*** SOURCE DATA
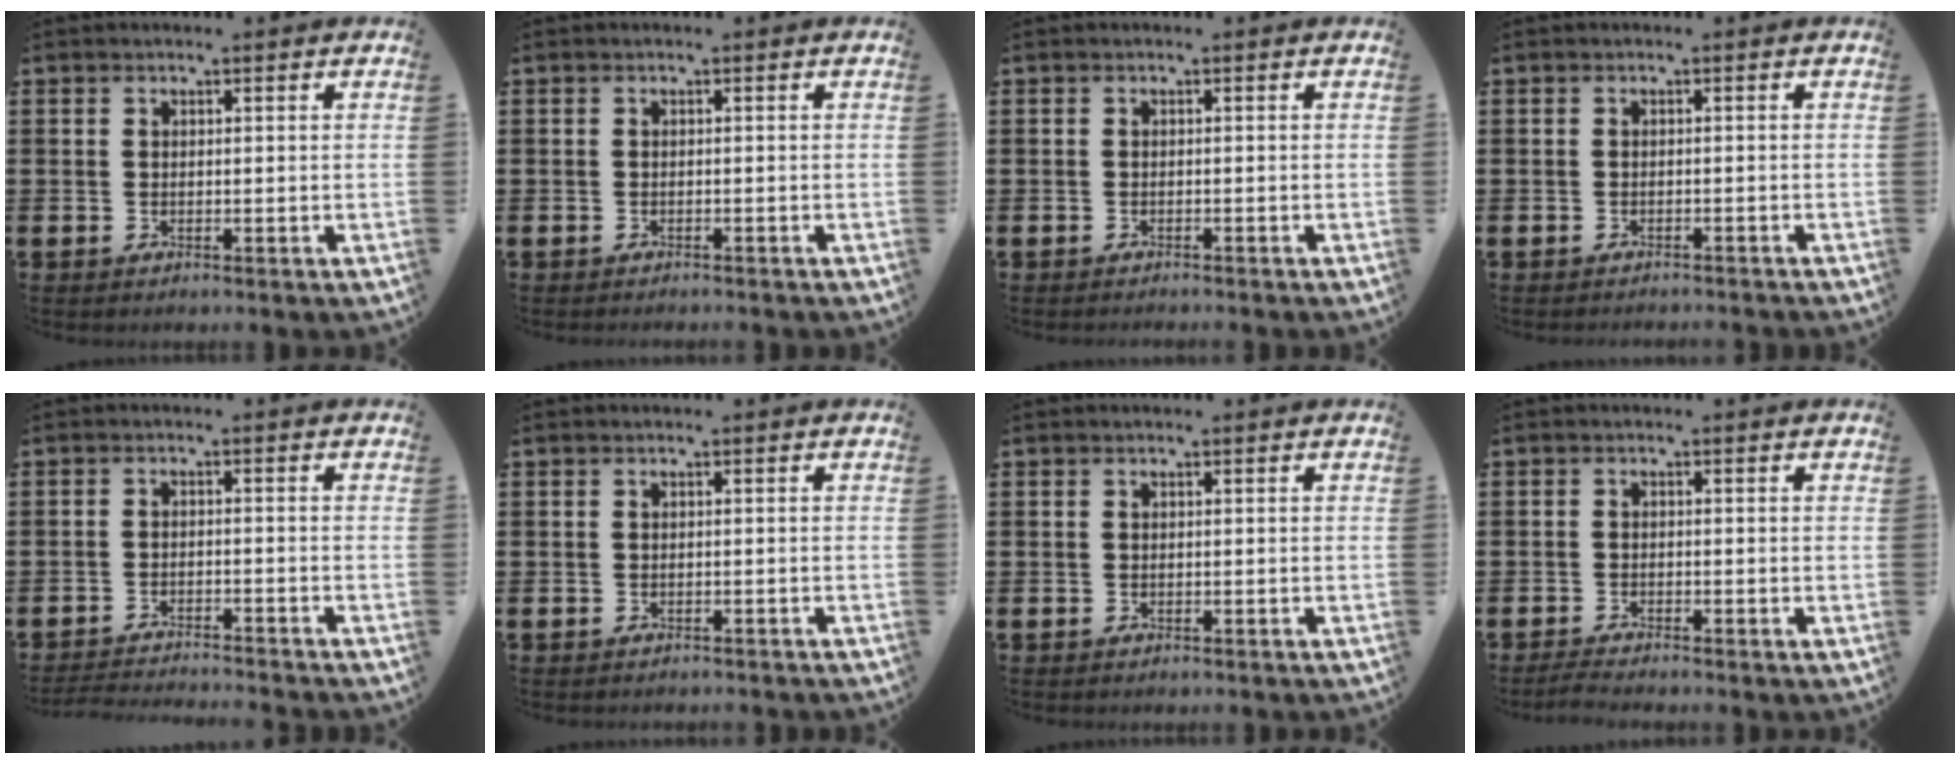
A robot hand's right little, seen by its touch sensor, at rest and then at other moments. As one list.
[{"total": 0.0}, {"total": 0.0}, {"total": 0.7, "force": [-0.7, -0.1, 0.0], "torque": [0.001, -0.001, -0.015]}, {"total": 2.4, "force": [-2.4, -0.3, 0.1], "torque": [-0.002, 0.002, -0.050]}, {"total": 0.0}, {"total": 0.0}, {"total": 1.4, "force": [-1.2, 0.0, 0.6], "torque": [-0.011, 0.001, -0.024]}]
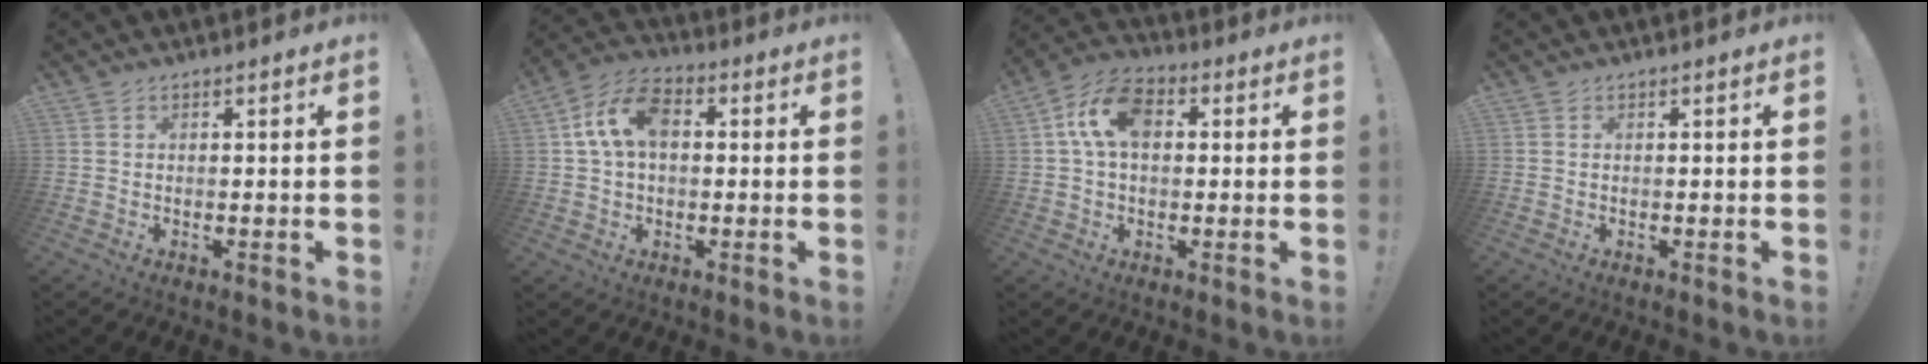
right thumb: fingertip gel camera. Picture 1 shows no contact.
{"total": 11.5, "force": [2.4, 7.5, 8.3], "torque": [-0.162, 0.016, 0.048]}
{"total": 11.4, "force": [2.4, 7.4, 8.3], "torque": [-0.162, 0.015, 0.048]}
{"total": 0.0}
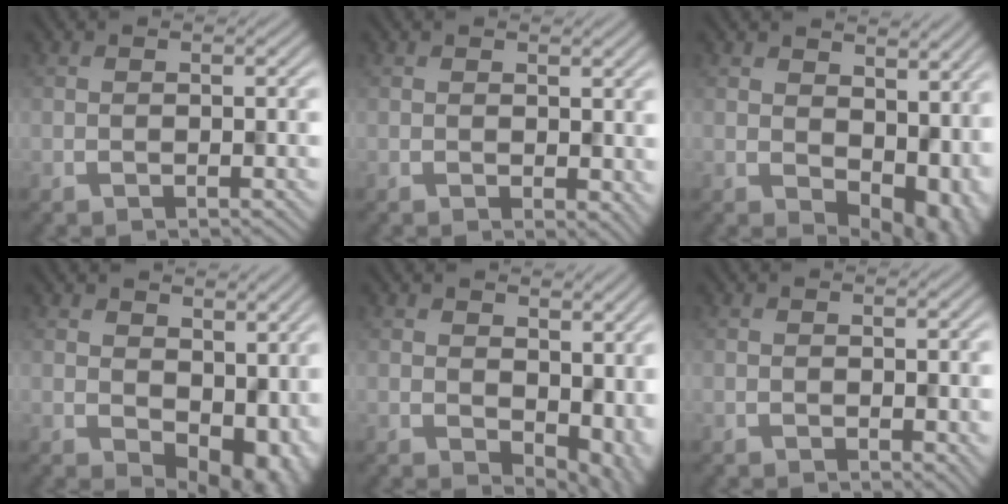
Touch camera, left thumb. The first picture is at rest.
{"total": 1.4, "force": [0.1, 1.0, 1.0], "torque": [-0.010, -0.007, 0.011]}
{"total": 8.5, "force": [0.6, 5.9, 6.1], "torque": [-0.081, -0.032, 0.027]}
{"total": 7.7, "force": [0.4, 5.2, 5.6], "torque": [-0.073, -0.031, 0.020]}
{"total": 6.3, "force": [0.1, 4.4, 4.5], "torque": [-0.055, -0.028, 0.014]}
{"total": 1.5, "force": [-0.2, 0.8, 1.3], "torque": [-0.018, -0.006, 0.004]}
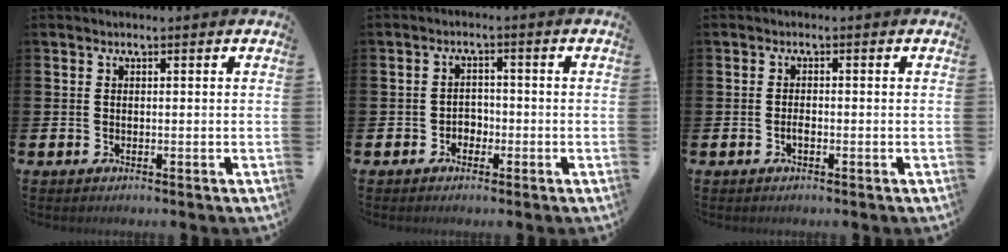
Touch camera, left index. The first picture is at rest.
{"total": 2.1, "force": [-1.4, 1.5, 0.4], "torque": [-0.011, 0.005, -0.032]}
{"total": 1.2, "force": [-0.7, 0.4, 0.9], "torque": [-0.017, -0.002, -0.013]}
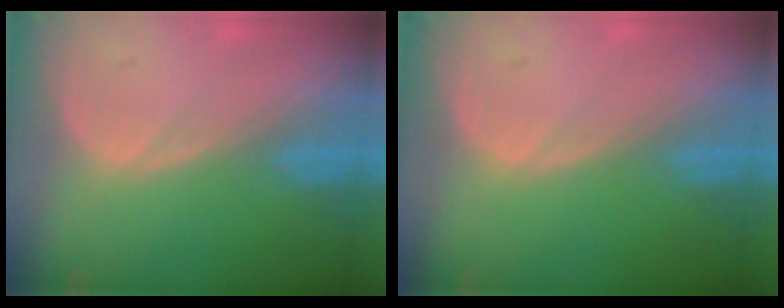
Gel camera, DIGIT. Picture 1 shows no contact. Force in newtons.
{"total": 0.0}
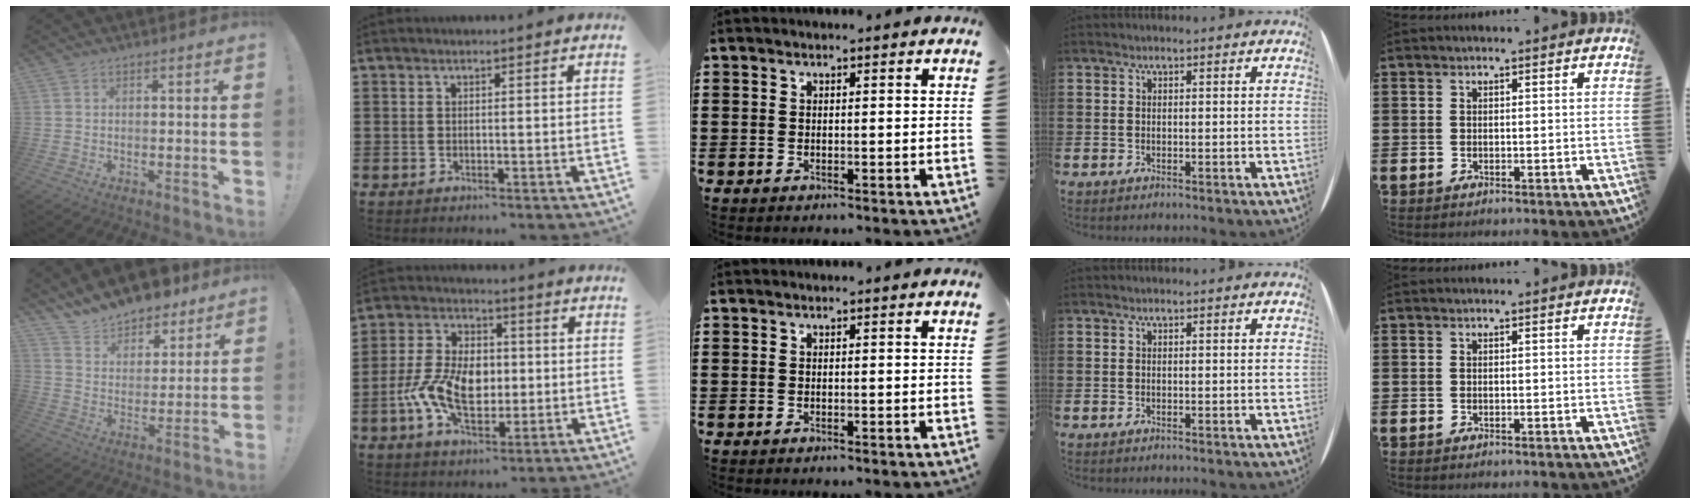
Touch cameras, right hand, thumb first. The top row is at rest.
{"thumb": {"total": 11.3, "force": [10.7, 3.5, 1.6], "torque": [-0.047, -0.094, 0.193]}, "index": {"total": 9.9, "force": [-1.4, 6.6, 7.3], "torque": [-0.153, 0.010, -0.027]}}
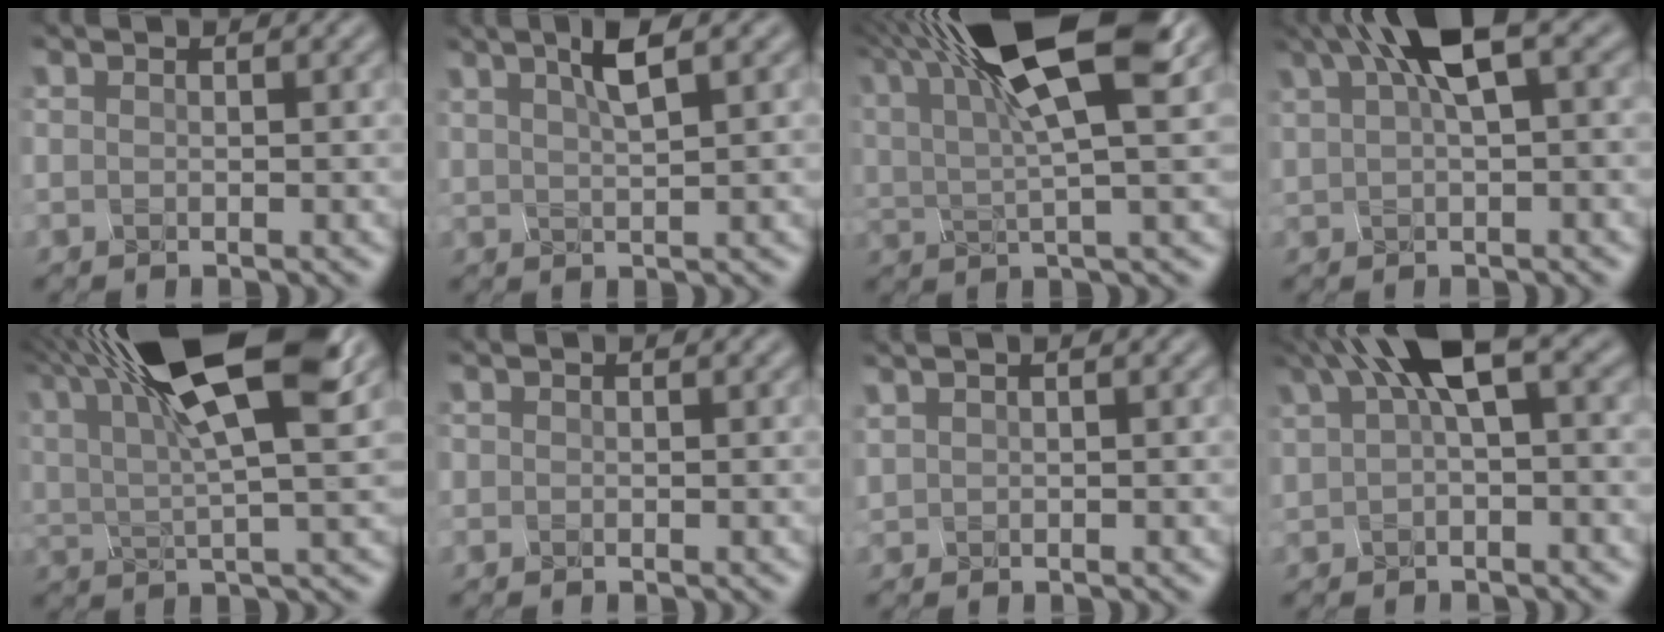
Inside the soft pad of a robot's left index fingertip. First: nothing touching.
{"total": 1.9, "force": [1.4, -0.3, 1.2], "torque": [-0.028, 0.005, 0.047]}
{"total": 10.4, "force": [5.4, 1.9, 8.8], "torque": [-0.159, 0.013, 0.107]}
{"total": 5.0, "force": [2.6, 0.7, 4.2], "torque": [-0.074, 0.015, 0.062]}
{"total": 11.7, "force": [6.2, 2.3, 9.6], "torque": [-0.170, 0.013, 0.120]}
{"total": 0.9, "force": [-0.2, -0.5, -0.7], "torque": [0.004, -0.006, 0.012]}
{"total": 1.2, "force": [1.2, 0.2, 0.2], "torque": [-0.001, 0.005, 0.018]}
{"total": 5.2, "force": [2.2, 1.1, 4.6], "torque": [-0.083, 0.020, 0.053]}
******
(WORK TO COMPLETE) Print every record above exactly, with no pictures.

(COMPLETED TASK)
A robot hand's right little, seen by its touch sensor, at rest and then at other moments. As one list.
[{"total": 0.0}, {"total": 0.0}, {"total": 0.7, "force": [-0.7, -0.1, 0.0], "torque": [0.001, -0.001, -0.015]}, {"total": 2.4, "force": [-2.4, -0.3, 0.1], "torque": [-0.002, 0.002, -0.050]}, {"total": 0.0}, {"total": 0.0}, {"total": 1.4, "force": [-1.2, 0.0, 0.6], "torque": [-0.011, 0.001, -0.024]}]
right thumb: fingertip gel camera. Picture 1 shows no contact.
{"total": 11.5, "force": [2.4, 7.5, 8.3], "torque": [-0.162, 0.016, 0.048]}
{"total": 11.4, "force": [2.4, 7.4, 8.3], "torque": [-0.162, 0.015, 0.048]}
{"total": 0.0}
Touch camera, left thumb. The first picture is at rest.
{"total": 1.4, "force": [0.1, 1.0, 1.0], "torque": [-0.010, -0.007, 0.011]}
{"total": 8.5, "force": [0.6, 5.9, 6.1], "torque": [-0.081, -0.032, 0.027]}
{"total": 7.7, "force": [0.4, 5.2, 5.6], "torque": [-0.073, -0.031, 0.020]}
{"total": 6.3, "force": [0.1, 4.4, 4.5], "torque": [-0.055, -0.028, 0.014]}
{"total": 1.5, "force": [-0.2, 0.8, 1.3], "torque": [-0.018, -0.006, 0.004]}
Touch camera, left index. The first picture is at rest.
{"total": 2.1, "force": [-1.4, 1.5, 0.4], "torque": [-0.011, 0.005, -0.032]}
{"total": 1.2, "force": [-0.7, 0.4, 0.9], "torque": [-0.017, -0.002, -0.013]}
Gel camera, DIGIT. Picture 1 shows no contact. Force in newtons.
{"total": 0.0}
Touch cameras, right hand, thumb first. The top row is at rest.
{"thumb": {"total": 11.3, "force": [10.7, 3.5, 1.6], "torque": [-0.047, -0.094, 0.193]}, "index": {"total": 9.9, "force": [-1.4, 6.6, 7.3], "torque": [-0.153, 0.010, -0.027]}}
Inside the soft pad of a robot's left index fingertip. First: nothing touching.
{"total": 1.9, "force": [1.4, -0.3, 1.2], "torque": [-0.028, 0.005, 0.047]}
{"total": 10.4, "force": [5.4, 1.9, 8.8], "torque": [-0.159, 0.013, 0.107]}
{"total": 5.0, "force": [2.6, 0.7, 4.2], "torque": [-0.074, 0.015, 0.062]}
{"total": 11.7, "force": [6.2, 2.3, 9.6], "torque": [-0.170, 0.013, 0.120]}
{"total": 0.9, "force": [-0.2, -0.5, -0.7], "torque": [0.004, -0.006, 0.012]}
{"total": 1.2, "force": [1.2, 0.2, 0.2], "torque": [-0.001, 0.005, 0.018]}
{"total": 5.2, "force": [2.2, 1.1, 4.6], "torque": [-0.083, 0.020, 0.053]}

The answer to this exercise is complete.